**WORK INSTRUCTIONS**
Every line below that carries the word "green" needs to be copied.

**LISTED RECORDS**
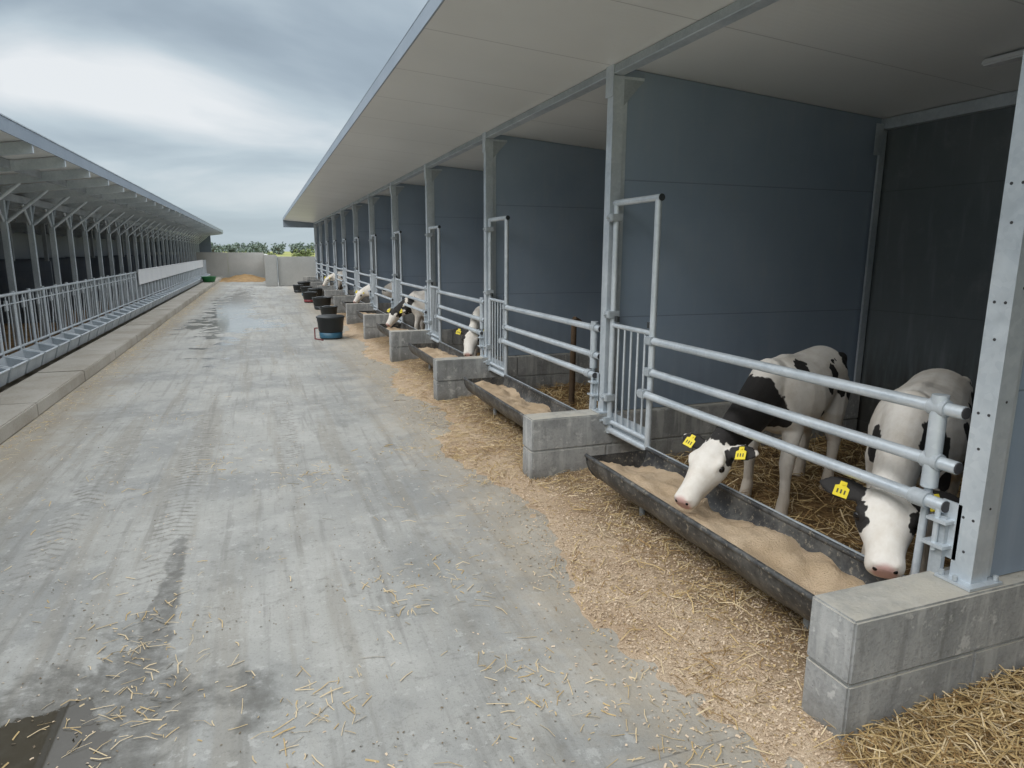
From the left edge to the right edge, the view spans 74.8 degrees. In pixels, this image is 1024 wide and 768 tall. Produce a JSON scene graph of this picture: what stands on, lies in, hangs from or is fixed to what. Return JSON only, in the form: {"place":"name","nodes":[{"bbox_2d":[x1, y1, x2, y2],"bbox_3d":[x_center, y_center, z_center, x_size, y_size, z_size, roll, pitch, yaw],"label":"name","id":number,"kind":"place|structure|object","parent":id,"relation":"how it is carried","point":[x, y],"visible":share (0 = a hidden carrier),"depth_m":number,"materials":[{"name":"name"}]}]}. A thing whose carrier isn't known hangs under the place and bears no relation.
{"place":"outdoors","nodes":[
{"label":"outdoors","id":0,"kind":"place"},
{"bbox_2d":[0,0,427,251],"label":"sky","id":1,"kind":"structure","parent":0,"point":[223,111],"materials":[{"name":"grey"}]},
{"bbox_2d":[227,251,314,270],"bbox_3d":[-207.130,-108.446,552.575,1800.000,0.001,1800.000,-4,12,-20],"label":"ground","id":2,"kind":"structure","parent":0,"point":[286,254],"depth_m":250.88,"materials":[{"name":"green plant"}]},
{"bbox_2d":[211,241,314,254],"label":"distant tree line","id":3,"kind":"object","parent":2,"relation":"on","point":[257,247],"visible":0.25,"depth_m":288.83,"materials":[{"name":"green plant"}]},
{"bbox_2d":[266,246,314,256],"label":"bushes","id":4,"kind":"object","parent":2,"relation":"on","point":[308,253],"visible":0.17,"depth_m":123.11,"materials":[{"name":"green plant"}]},
{"bbox_2d":[0,281,803,767],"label":"concrete yard","id":5,"kind":"structure","parent":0,"point":[234,525],"depth_m":3.45,"materials":[{"name":"grey concrete"}]},
{"bbox_2d":[0,273,210,386],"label":"feed trough row","id":6,"kind":"object","parent":5,"relation":"on","point":[18,364],"visible":0.88,"depth_m":10.73,"materials":[{"name":"metal"}]},
{"bbox_2d":[0,277,221,443],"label":"kerb","id":7,"kind":"structure","parent":5,"relation":"on","point":[25,402],"depth_m":8.87,"materials":[{"name":"concrete"}]},
{"bbox_2d":[201,276,216,281],"bbox_3d":[-14.954,-5.172,33.016,0.760,0.260,0.760,-4,12,-20],"label":"green tub","id":8,"kind":"object","parent":7,"relation":"on","point":[208,278],"visible":1,"depth_m":32.81,"materials":[{"name":"green plastic"}]},
{"bbox_2d":[0,113,222,358],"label":"barn","id":9,"kind":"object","parent":5,"relation":"on","point":[68,215],"visible":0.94,"depth_m":14.36,"materials":[{"name":"metal"}]},
{"bbox_2d":[0,260,206,357],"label":"feed fence","id":10,"kind":"object","parent":9,"relation":"attached to","point":[162,284],"visible":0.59,"depth_m":11.73,"materials":[{"name":"metal"}]},
{"bbox_2d":[137,260,202,284],"bbox_3d":[-13.395,-4.719,27.173,0.040,0.390,21.000,-4,12,-20],"label":"white windbreak board","id":11,"kind":"object","parent":10,"relation":"attached to","point":[146,275],"visible":1,"depth_m":22.21,"materials":[{"name":"white plastic"}]},
{"bbox_2d":[150,252,264,277],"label":"concrete wall","id":12,"kind":"structure","parent":5,"relation":"on","point":[219,264],"depth_m":40.08,"materials":[{"name":"grey concrete"}]},
{"bbox_2d":[219,274,265,281],"bbox_3d":[-15.273,-6.012,38.162,3.200,0.394,4.000,-4,12,-20],"label":"straw heap","id":13,"kind":"object","parent":5,"relation":"on","point":[245,278],"visible":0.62,"depth_m":38.25,"materials":[{"name":"beige plant"}]},
{"bbox_2d":[264,254,315,285],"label":"concrete wall","id":14,"kind":"structure","parent":5,"relation":"on","point":[287,271],"depth_m":32.66,"materials":[{"name":"grey concrete"}]},
{"bbox_2d":[293,285,302,292],"bbox_3d":[-8.856,-3.961,27.722,0.430,0.322,0.424,-4,12,-20],"label":"bucket","id":15,"kind":"object","parent":5,"relation":"on","point":[297,288],"visible":0.91,"depth_m":27.57,"materials":[{"name":"black plastic"}]},
{"bbox_2d":[297,281,309,285],"bbox_3d":[-8.844,-4.154,28.449,0.535,0.420,0.530,-4,12,-20],"label":"bucket","id":16,"kind":"object","parent":5,"relation":"on","point":[305,283],"visible":0.59,"depth_m":28.25,"materials":[{"name":"black plastic"}]},
{"bbox_2d":[300,286,312,295],"bbox_3d":[-7.874,-3.570,25.670,0.472,0.361,0.466,-4,12,-20],"label":"bucket","id":17,"kind":"object","parent":5,"relation":"on","point":[304,288],"visible":0.55,"depth_m":25.48,"materials":[{"name":"black plastic"}]},
{"bbox_2d":[302,291,317,302],"bbox_3d":[-6.760,-2.921,22.414,0.514,0.360,0.509,-4,12,-20],"label":"bucket","id":18,"kind":"object","parent":5,"relation":"on","point":[308,296],"visible":0.84,"depth_m":22.23,"materials":[{"name":"black plastic"}]},
{"bbox_2d":[303,277,320,280],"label":"concrete block wall","id":19,"kind":"structure","parent":5,"relation":"on","point":[305,278],"depth_m":31.76,"materials":[{"name":"grey concrete"}]},
{"bbox_2d":[307,279,321,285],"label":"concrete block wall","id":20,"kind":"structure","parent":5,"relation":"on","point":[313,280],"depth_m":29.10,"materials":[{"name":"grey concrete"}]},
{"bbox_2d":[308,288,322,296],"bbox_3d":[-6.905,-3.168,23.506,0.514,0.420,0.509,-4,12,-20],"label":"bucket","id":21,"kind":"object","parent":5,"relation":"on","point":[319,290],"visible":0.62,"depth_m":23.32,"materials":[{"name":"black plastic"}]},
{"bbox_2d":[312,296,331,309],"bbox_3d":[-5.618,-2.407,19.794,0.577,0.378,0.572,-4,12,-20],"label":"bucket","id":22,"kind":"object","parent":5,"relation":"on","point":[318,301],"visible":0.73,"depth_m":19.60,"materials":[{"name":"black plastic"}]},
{"bbox_2d":[311,282,333,287],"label":"concrete block wall","id":23,"kind":"structure","parent":5,"relation":"on","point":[315,284],"depth_m":26.41,"materials":[{"name":"grey concrete"}]},
{"bbox_2d":[319,305,337,314],"bbox_3d":[-4.733,-1.876,17.299,0.472,0.313,0.466,-4,12,-20],"label":"bucket","id":24,"kind":"object","parent":5,"relation":"on","point":[329,309],"visible":0.59,"depth_m":17.13,"materials":[{"name":"black plastic"}]},
{"bbox_2d":[314,314,344,340],"bbox_3d":[-3.589,-1.130,13.196,0.551,0.470,0.587,10,15,41],"label":"bucket","id":25,"kind":"object","parent":5,"relation":"on","point":[330,326],"visible":1,"depth_m":13.03,"materials":[{"name":"black plastic"}]},
{"bbox_2d":[317,285,342,295],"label":"concrete block wall","id":26,"kind":"structure","parent":5,"relation":"on","point":[330,287],"depth_m":23.77,"materials":[{"name":"grey concrete"}]},
{"bbox_2d":[324,290,354,304],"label":"concrete block wall","id":27,"kind":"structure","parent":5,"relation":"on","point":[328,293],"depth_m":21.11,"materials":[{"name":"grey concrete"}]},
{"bbox_2d":[333,295,369,312],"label":"concrete block wall","id":28,"kind":"structure","parent":5,"relation":"on","point":[338,300],"depth_m":18.42,"materials":[{"name":"grey concrete"}]},
{"bbox_2d":[342,301,362,307],"bbox_3d":[-3.945,-1.837,16.967,0.490,0.391,2.100,-4,12,-20],"label":"feed trough","id":29,"kind":"object","parent":5,"relation":"on","point":[344,304],"visible":0.05,"depth_m":17.67,"materials":[{"name":"black plastic"}]},
{"bbox_2d":[346,303,390,323],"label":"concrete block wall","id":30,"kind":"structure","parent":5,"relation":"on","point":[352,317],"depth_m":15.76,"materials":[{"name":"grey concrete"}]},
{"bbox_2d":[356,310,384,318],"bbox_3d":[-2.941,-1.303,14.292,0.490,0.391,2.100,-4,12,-20],"label":"feed trough","id":31,"kind":"object","parent":5,"relation":"on","point":[360,314],"visible":0.16,"depth_m":15.05,"materials":[{"name":"black plastic"}]},
{"bbox_2d":[0,288,772,767],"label":"straw","id":32,"kind":"object","parent":5,"relation":"on","point":[308,658],"visible":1,"depth_m":2.69,"materials":[{"name":"beige plant"}]},
{"bbox_2d":[363,313,427,338],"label":"concrete block wall","id":33,"kind":"structure","parent":5,"relation":"on","point":[370,328],"depth_m":13.07,"materials":[{"name":"grey concrete"}]},
{"bbox_2d":[376,322,415,336],"bbox_3d":[-1.938,-0.770,11.617,0.490,0.391,2.100,-4,12,-20],"label":"feed trough","id":34,"kind":"object","parent":5,"relation":"on","point":[384,329],"visible":0.34,"depth_m":12.22,"materials":[{"name":"black plastic"}]},
{"bbox_2d":[389,329,483,361],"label":"concrete block wall","id":35,"kind":"structure","parent":5,"relation":"on","point":[399,341],"depth_m":10.43,"materials":[{"name":"grey concrete"}]},
{"bbox_2d":[408,341,464,369],"bbox_3d":[-0.935,-0.236,8.943,0.490,0.391,2.100,-4,12,-20],"label":"feed trough","id":36,"kind":"object","parent":5,"relation":"on","point":[428,353],"visible":0.49,"depth_m":9.36,"materials":[{"name":"black plastic"}]},
{"bbox_2d":[433,351,599,400],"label":"concrete block wall","id":37,"kind":"structure","parent":5,"relation":"on","point":[449,373],"depth_m":7.91,"materials":[{"name":"grey concrete"}]},
{"bbox_2d":[463,375,573,426],"bbox_3d":[0.068,0.297,6.268,0.490,0.391,2.100,-4,12,-20],"label":"feed trough","id":38,"kind":"object","parent":5,"relation":"on","point":[512,399],"visible":0.7,"depth_m":6.47,"materials":[{"name":"black plastic"}]},
{"bbox_2d":[283,0,1023,591],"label":"calf barn","id":39,"kind":"structure","parent":5,"relation":"on","point":[847,176],"depth_m":5.25,"materials":[{"name":"metal"}]},
{"bbox_2d":[314,243,320,278],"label":"metal gate","id":40,"kind":"structure","parent":39,"relation":"attached to","point":[317,263],"depth_m":31.23,"materials":[{"name":"metal"}]},
{"bbox_2d":[319,242,326,281],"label":"metal gate","id":41,"kind":"structure","parent":39,"relation":"attached to","point":[322,264],"depth_m":28.60,"materials":[{"name":"metal"}]},
{"bbox_2d":[324,241,334,285],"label":"metal gate","id":42,"kind":"structure","parent":39,"relation":"attached to","point":[327,262],"depth_m":25.91,"materials":[{"name":"metal"}]},
{"bbox_2d":[332,240,343,289],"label":"metal gate","id":43,"kind":"structure","parent":39,"relation":"attached to","point":[336,269],"depth_m":23.24,"materials":[{"name":"metal"}]},
{"bbox_2d":[341,239,355,295],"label":"metal gate","id":44,"kind":"structure","parent":39,"relation":"attached to","point":[346,282],"depth_m":20.57,"materials":[{"name":"metal"}]},
{"bbox_2d":[352,237,371,302],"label":"metal gate","id":45,"kind":"structure","parent":39,"relation":"attached to","point":[358,280],"depth_m":17.83,"materials":[{"name":"metal"}]},
{"bbox_2d":[368,234,393,313],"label":"metal gate","id":46,"kind":"structure","parent":39,"relation":"attached to","point":[376,294],"depth_m":15.20,"materials":[{"name":"metal"}]},
{"bbox_2d":[391,231,427,329],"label":"metal gate","id":47,"kind":"structure","parent":39,"relation":"attached to","point":[399,283],"depth_m":12.43,"materials":[{"name":"metal"}]},
{"bbox_2d":[425,225,483,354],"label":"metal gate","id":48,"kind":"structure","parent":39,"relation":"attached to","point":[434,335],"depth_m":9.77,"materials":[{"name":"metal"}]},
{"bbox_2d":[483,215,599,409],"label":"metal gate","id":49,"kind":"structure","parent":39,"relation":"attached to","point":[498,366],"depth_m":6.89,"materials":[{"name":"metal"}]},
{"bbox_2d":[599,193,970,575],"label":"metal gate","id":50,"kind":"structure","parent":39,"relation":"attached to","point":[932,460],"depth_m":3.26,"materials":[{"name":"metal"}]},
{"bbox_2d":[331,305,1023,767],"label":"spilled feed","id":51,"kind":"object","parent":5,"relation":"on","point":[717,629],"visible":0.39,"depth_m":3.25},
{"bbox_2d":[342,326,1023,767],"bbox_3d":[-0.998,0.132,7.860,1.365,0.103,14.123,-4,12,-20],"label":"straw","id":52,"kind":"object","parent":5,"relation":"on","point":[734,648],"visible":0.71,"depth_m":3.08,"materials":[{"name":"plant"}]},
{"bbox_2d":[523,393,859,479],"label":"concrete block wall","id":53,"kind":"structure","parent":5,"relation":"on","point":[554,443],"depth_m":5.14,"materials":[{"name":"grey concrete"}]},
{"bbox_2d":[584,447,901,628],"bbox_3d":[1.071,0.830,3.593,0.490,0.391,2.100,-4,12,-20],"label":"feed trough","id":54,"kind":"object","parent":5,"relation":"on","point":[790,564],"visible":0.82,"depth_m":3.31,"materials":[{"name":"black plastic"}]},
{"bbox_2d":[477,352,1023,732],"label":"straw bedding","id":55,"kind":"object","parent":5,"relation":"on","point":[811,504],"visible":0.05,"depth_m":4.57,"materials":[{"name":"beige plant"}]},
{"bbox_2d":[322,271,342,289],"bbox_3d":[-6.050,-3.574,23.904,1.432,0.937,0.437,2,11,9],"label":"calf","id":56,"kind":"object","parent":55,"relation":"on","point":[329,278],"visible":0.37,"depth_m":23.82},
{"bbox_2d":[353,282,392,302],"bbox_3d":[-3.181,-2.035,16.196,1.515,0.942,0.434,3,12,15],"label":"calf","id":57,"kind":"object","parent":55,"relation":"on","point":[362,293],"visible":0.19,"depth_m":16.24},
{"bbox_2d":[386,291,425,329],"bbox_3d":[-1.571,-1.220,12.102,1.517,0.939,0.473,2,11,11],"label":"calf","id":58,"kind":"object","parent":55,"relation":"on","point":[398,311],"visible":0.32,"depth_m":12.06},
{"bbox_2d":[453,306,483,356],"bbox_3d":[-0.358,-0.592,8.961,0.490,0.942,1.649,3,11,14],"label":"calf","id":59,"kind":"object","parent":55,"relation":"on","point":[470,339],"visible":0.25,"depth_m":8.28},
{"bbox_2d":[568,316,581,406],"bbox_3d":[0.662,-0.217,7.075,0.071,0.998,0.158,10,15,40],"label":"wooden rubbing post","id":60,"kind":"object","parent":55,"relation":"on","point":[571,400],"visible":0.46,"depth_m":7.04,"materials":[{"name":"brown wood"}]},
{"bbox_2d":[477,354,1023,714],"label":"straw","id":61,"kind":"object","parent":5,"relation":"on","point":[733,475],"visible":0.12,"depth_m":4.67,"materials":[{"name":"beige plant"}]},
{"bbox_2d":[674,346,850,514],"bbox_3d":[1.611,0.324,4.232,0.475,1.001,1.993,11,15,42],"label":"calf","id":62,"kind":"object","parent":61,"relation":"on","point":[715,455],"visible":0.81,"depth_m":4.14},
{"bbox_2d":[820,368,974,578],"bbox_3d":[2.011,0.497,3.364,0.530,1.000,1.712,10,15,41],"label":"calf","id":63,"kind":"object","parent":61,"relation":"on","point":[886,522],"visible":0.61,"depth_m":3.03},
{"bbox_2d":[801,566,1023,742],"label":"concrete block wall","id":64,"kind":"structure","parent":5,"relation":"on","point":[879,650],"depth_m":2.41,"materials":[{"name":"grey concrete"}]},
{"bbox_2d":[813,667,1023,767],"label":"straw","id":65,"kind":"object","parent":5,"relation":"on","point":[946,742],"visible":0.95,"depth_m":2.30,"materials":[{"name":"beige plant"}]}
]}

**SOLUTION FOR THIS PROBLEM**
{"bbox_2d":[227,251,314,270],"bbox_3d":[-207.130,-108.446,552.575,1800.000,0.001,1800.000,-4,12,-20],"label":"ground","id":2,"kind":"structure","parent":0,"point":[286,254],"depth_m":250.88,"materials":[{"name":"green plant"}]},
{"bbox_2d":[211,241,314,254],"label":"distant tree line","id":3,"kind":"object","parent":2,"relation":"on","point":[257,247],"visible":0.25,"depth_m":288.83,"materials":[{"name":"green plant"}]},
{"bbox_2d":[266,246,314,256],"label":"bushes","id":4,"kind":"object","parent":2,"relation":"on","point":[308,253],"visible":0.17,"depth_m":123.11,"materials":[{"name":"green plant"}]},
{"bbox_2d":[201,276,216,281],"bbox_3d":[-14.954,-5.172,33.016,0.760,0.260,0.760,-4,12,-20],"label":"green tub","id":8,"kind":"object","parent":7,"relation":"on","point":[208,278],"visible":1,"depth_m":32.81,"materials":[{"name":"green plastic"}]},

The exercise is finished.